Similar to using the deepest route and laying the ball off (explained above), the feature that makes 3rd man runs difficult to defend is the attention that the ball’s movement demands. In my theoretical analysis of the blind side, I explained in detail the issues that 3rd man runs pose to defenders, here I will make it specific to man-marking.

Whilst seeing the opponent is an important factor for any defence, it is particularly important if you are tasked with marking them. In many 3rd man run combinations, the first pass bypasses at least one line of the opponents’ defence, often the midfield line.

If this initial pass moves on the inside of the defending midfielders, they have to adjust their body position to see the ball. This opens the potential for blind side runs on the outside of these defenders. If the initial pass moves past the outside of these defenders, the potential for blind side runs is on the inside of the defender, particularly dangerous since it’s closer to goal.
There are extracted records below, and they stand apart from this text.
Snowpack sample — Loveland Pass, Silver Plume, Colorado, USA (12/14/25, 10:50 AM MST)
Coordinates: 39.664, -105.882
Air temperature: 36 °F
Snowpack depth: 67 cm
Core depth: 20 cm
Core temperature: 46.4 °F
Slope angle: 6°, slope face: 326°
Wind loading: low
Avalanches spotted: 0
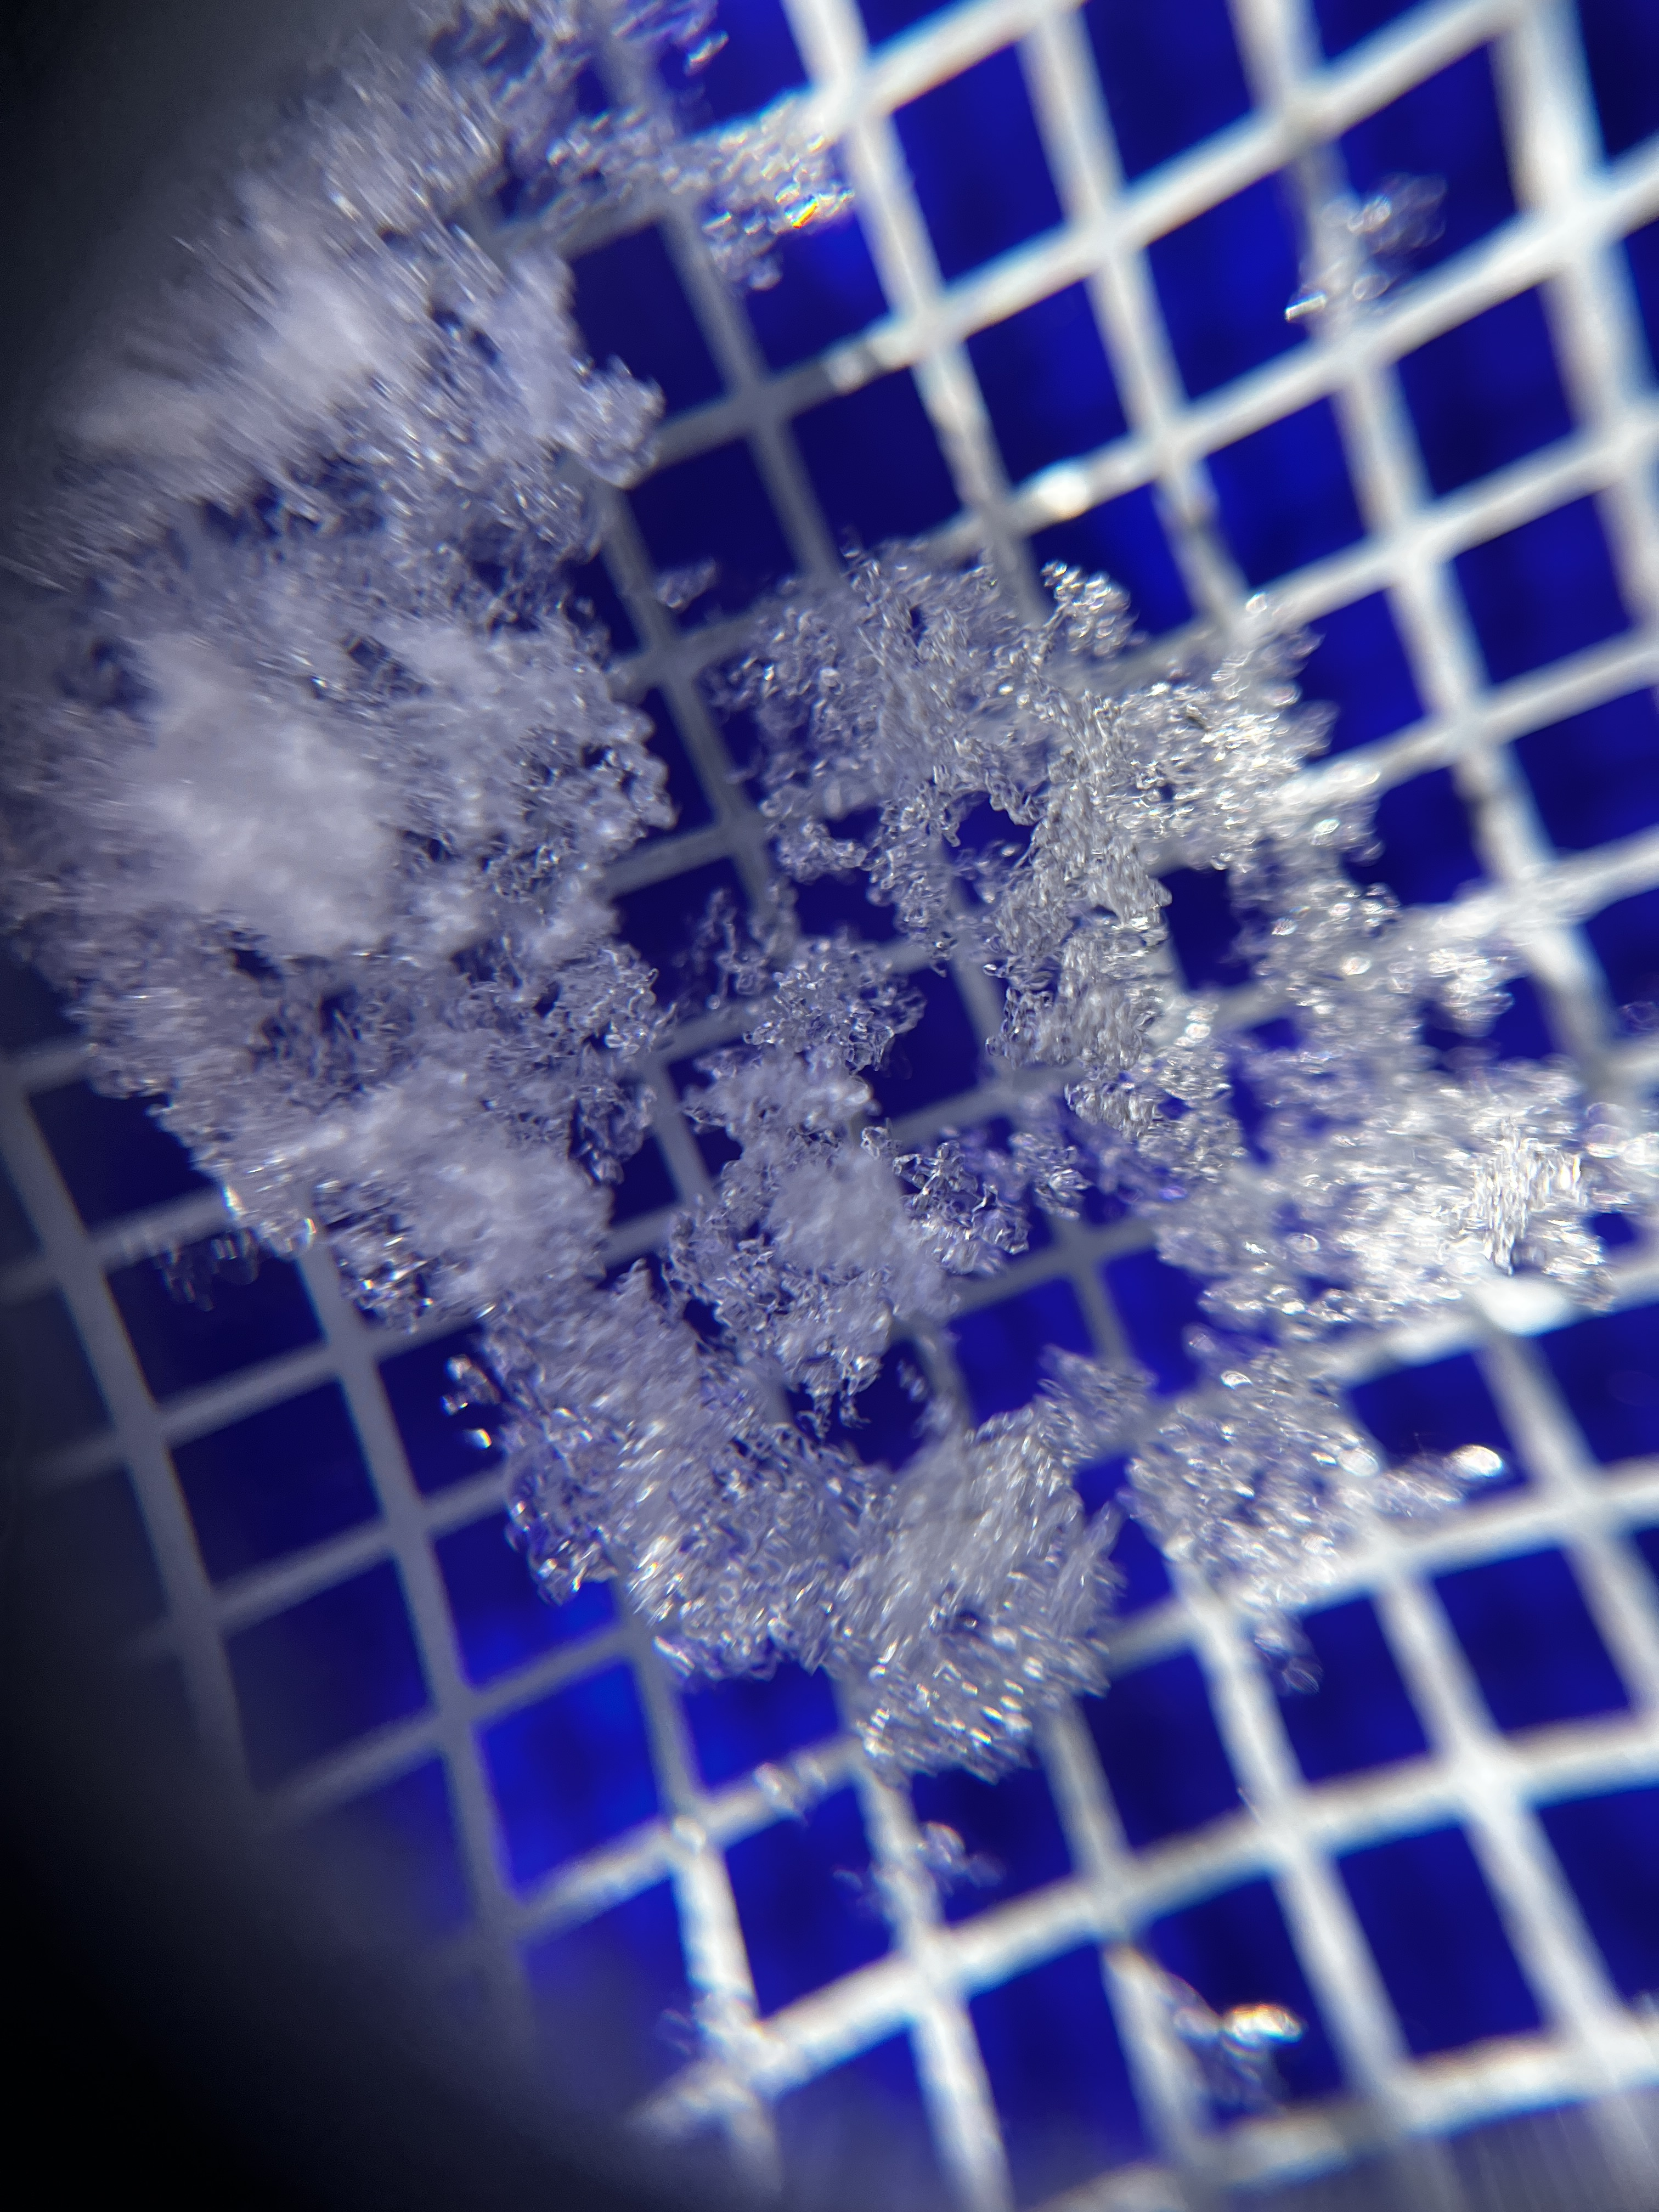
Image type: magnified_profile
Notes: No avalanches spotted, very late start to the season with minimal snowpack

Whilst the defender changes their body position, and reads new information (pressure on the ball, direction etc) they are tasked with marking a runner. Even if the defender remains aware of the blind side runner, the act of changing body position, whilst their opponent sprints forwards creates a dynamic disadvantage that is difficult to negate.

This dynamic advantage is what allows the runner to breakthrough lines of the opponents’ defence. The last line defenders may switch from their assigned opponent, to tracking the runner, but they have to attempt this from their previously static position. At this point the runner will have significant momentum.

The speed of the ball’s movement must also be mentioned. When the ball moves at high speeds, access is very difficult for the defence, and on an individual level, the constant adjustment of their field of view makes losing their opponent more likely.


深い位置へのパスとレイオフ(前述しています)と同じように、第3の動きの特徴としてボールの動きに注意が向くので守るのが難しいという事です。私の”blind side”を分析した記事で、第三の動きを守る際の問題について詳しく説明しました。ここでは特にマンマークを対象にします。







Dynamic positioning
Dynamic positioning is another sub-category of group-tactical dismarking. This simply refers to the attacking side’s approach to finding and acting in space, dynamic positioning is where the attacking side primarily use movement to find space.

On an individual level, dynamic positioning is quite a natural response to man-marking, being the result of trying to lose one’s marker. However, it can be applied more consciously on a group level; through positional rotations, opposite movements or overlaps.



Positional rotations
As explained within the individual dismarking section, man-marking is inherently reactive. The nature of following means reacting, and markers often experience a disadvantage due to this. This is the key factor that positional rotations exploit to create advantages.

Positional rotations refers to when two or more players in the possession team swap positions. When one attacker begins a movement, they will briefly create separation from their opponent, giving them the effect of a free man. If this, momentarily free, attacker moves towards another defender, it creates a brief 2v1-like situation.

If the 2nd attacker moves in a different direction simultaneously, the defender has to decide between following their original opponent or staying in position to mark the incoming attacker. Both decisions, of course, imply how the first attacker’s marker should react. If the defender chooses to follow their original opponent, the second defender has to move quickly to also follow their original opponent.

Alternately, they can perform a switch, where they both hold position and mark new opponents, but this goes against the instinct of a man-marker who is trained to follow any movement.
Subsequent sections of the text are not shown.